Es en este contexto en el que adquieren interés las teorías comunicativas del reproche estatal,
que asumen que la tarea que le corresponde al Estado es expresar el compromiso de la
comunidad con determinas reglas y valores, asumiendo que el ofensor es una persona
autónoma que puede entender esas razones y modificar su comportamiento y teniendo
siempre como fin la reintegración del vínculo afectado entre el ofensor y la comunidad
(Gargarella, 2016).
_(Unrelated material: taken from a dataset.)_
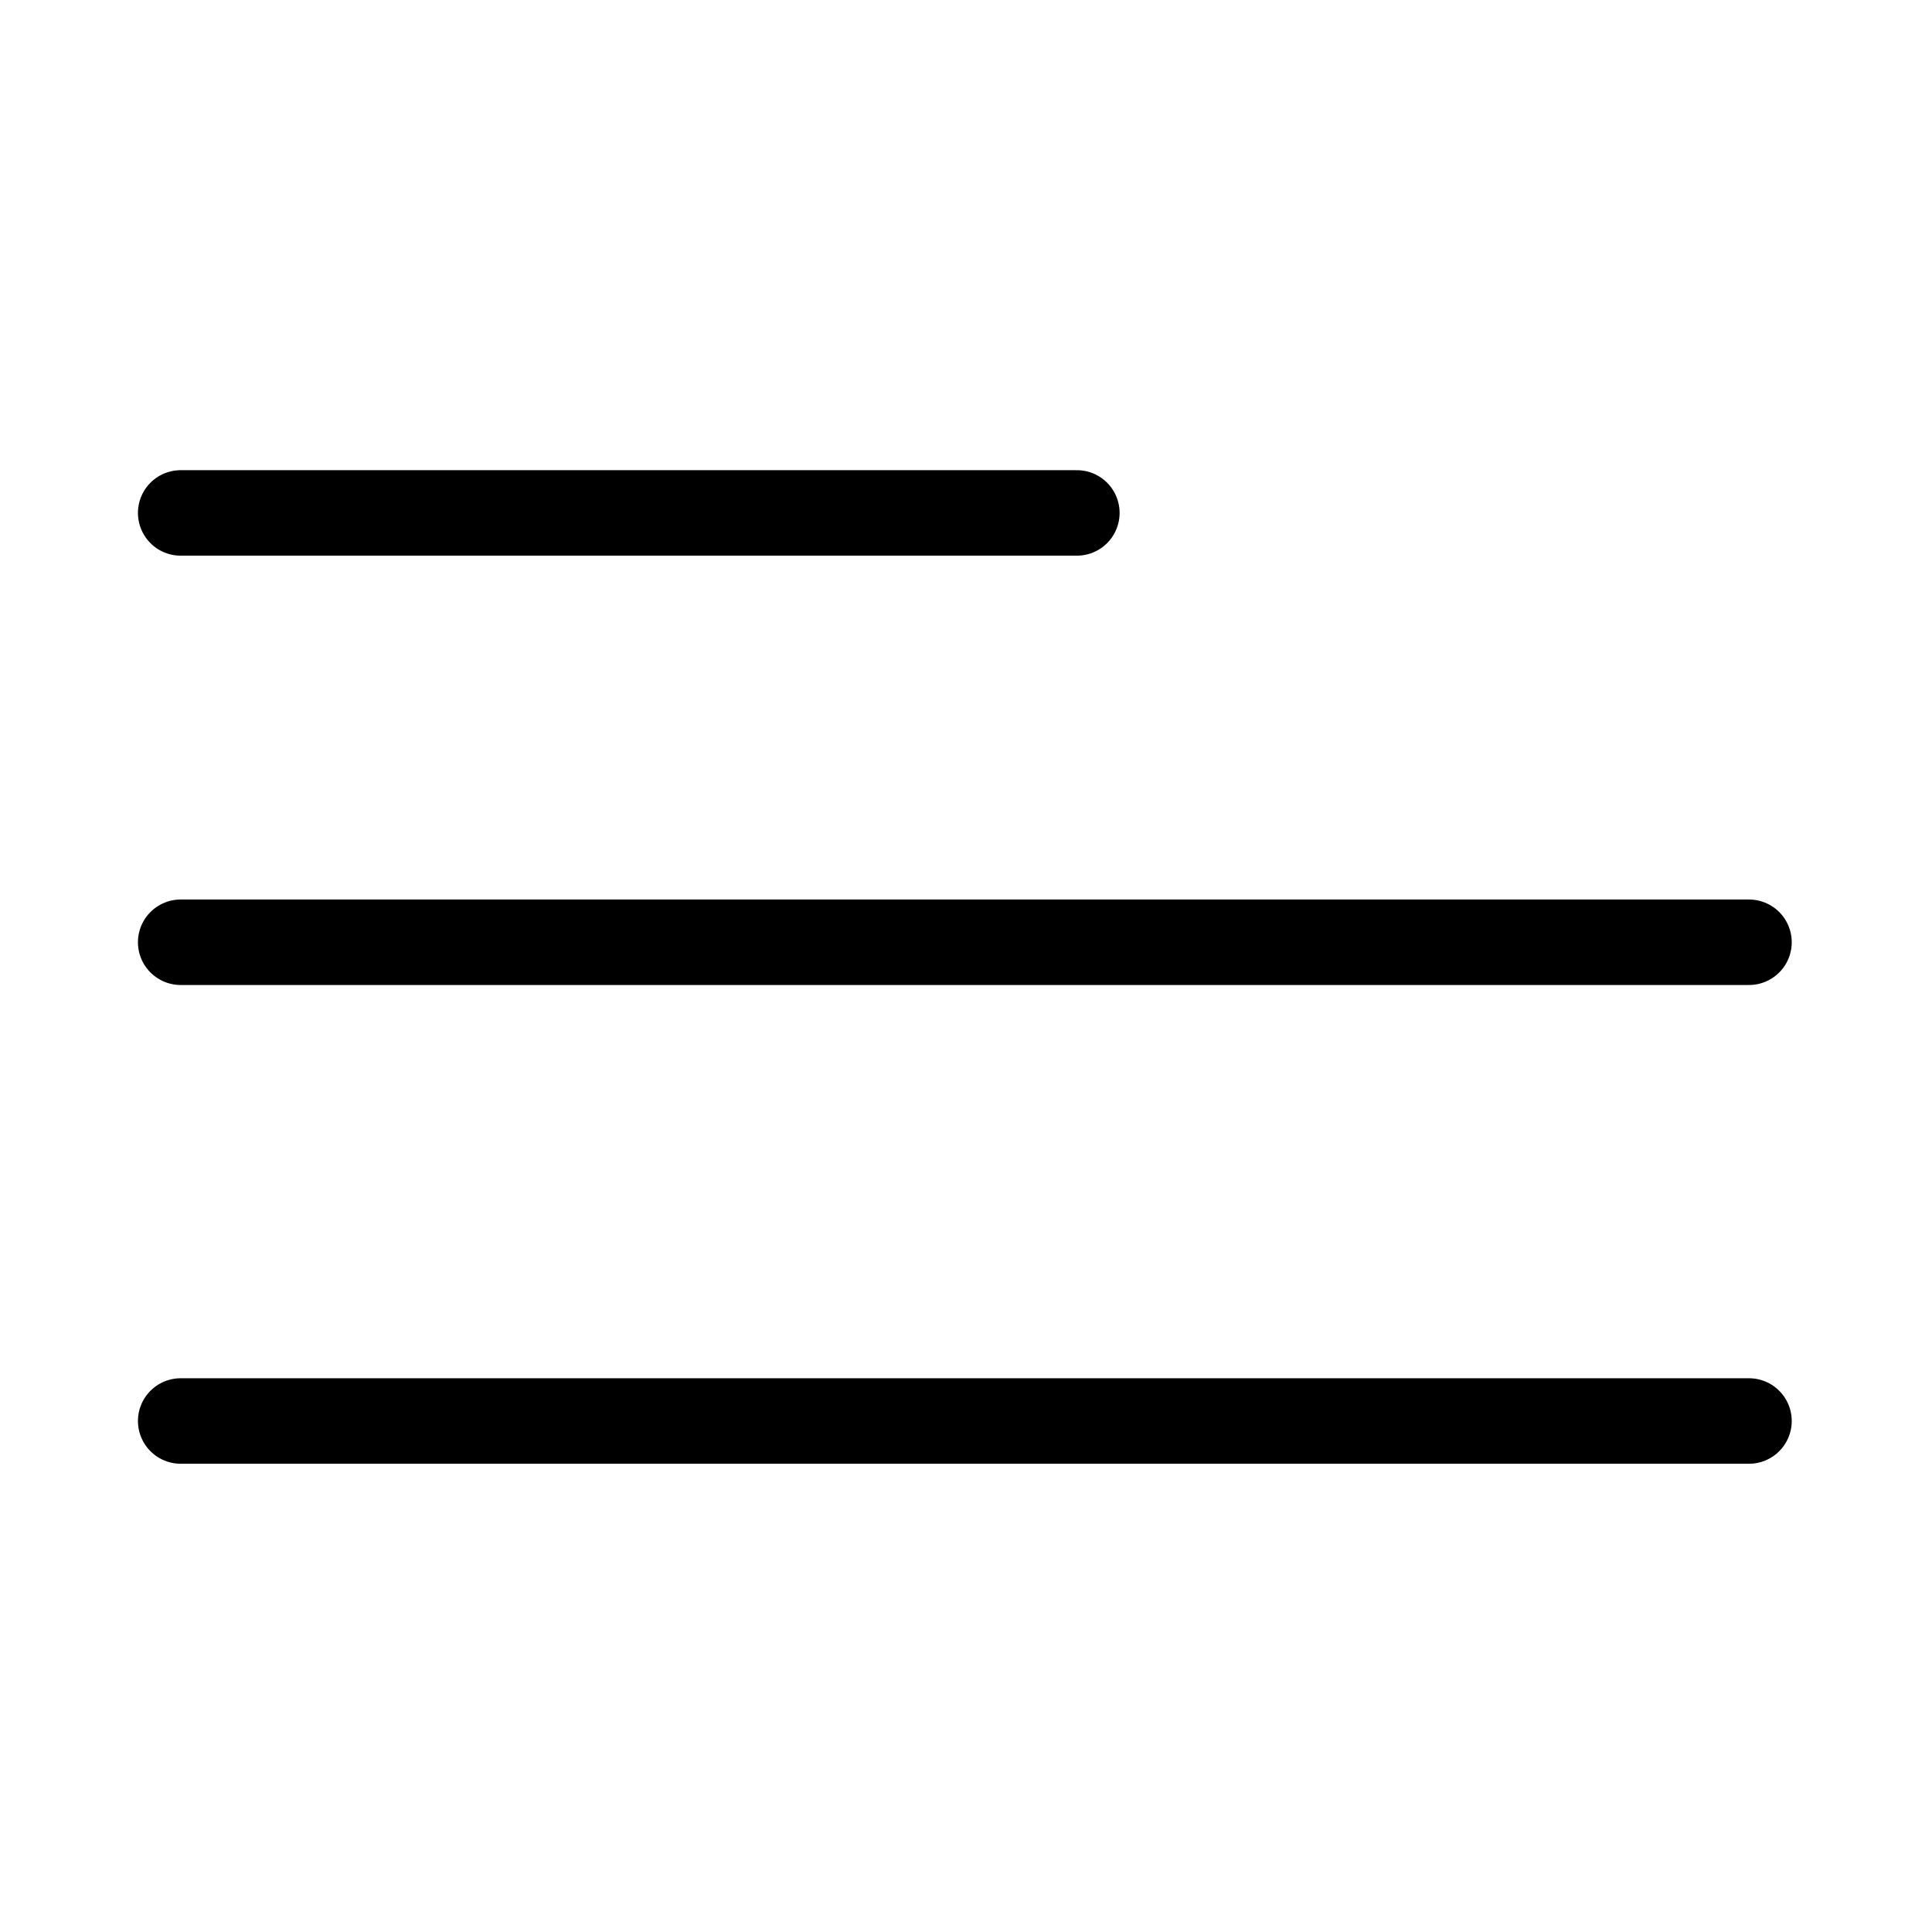 <svg width="113" height="113" viewBox="0 0 113 113" fill="none" xmlns="http://www.w3.org/2000/svg">
<path d="M10.568 55.111H55.5H102.296M10.568 30H36.776H62.984M10.568 83.112H102.296" stroke="black" stroke-width="5" stroke-linecap="round" stroke-linejoin="round"/>
</svg>

Partiendo de esta base y reconociendo el contexto de injusticia social en
el que suele producirse el llamado a rendir cuentas, el mayor aporte que este tipo de teorías
pueden dar a la práctica del derecho penal es la problematización de la noción de reproche,
entendiendo que existen una multiplicidad de formas en las que una comunidad puede
expresar su desacuerdo y sancionar a un infractor -muchas de ellas con una efectividad
resocializadora sustentada empíricamente-, alternativas a la pena de prisión, que por su
naturaleza intrínsecamente excluyente, resulta particularmente difícil de justificar en una
sociedad democrática.
BIBLIOGRAFÍA
Gargarella, R. (2016) “Castigar al prójimo: por una refundación democrática del derecho
penal”, Buenos Aires, Siglo Veintiuno.
Braithwaite, J. Y Petit, P. (2015) “No solo su merecido: Por una justicia penal que vaya más
allá del castigo”, Buenos Aires, Siglo Veintiuno.
Nino, S.C. (1980) “Introducción al análisis del derecho”, Buenos Aires, Astrea.
Stratenwerth, G (2008) “Derecho penal. Parte general I. El hecho punible”, Buenos Aires,
Hammurabi.
Rafecas, D. E. (2005) “Una mirada crítica sobre la teoría agnóstica de la pena”, Bahía
Blanca, Programma. Disponible en: <http://bibliotecadigital.uns.edu.ar/scielo.php?script
=sci_arttext&pid=S1669-86732005001100006&lng=es&nrm=iso>.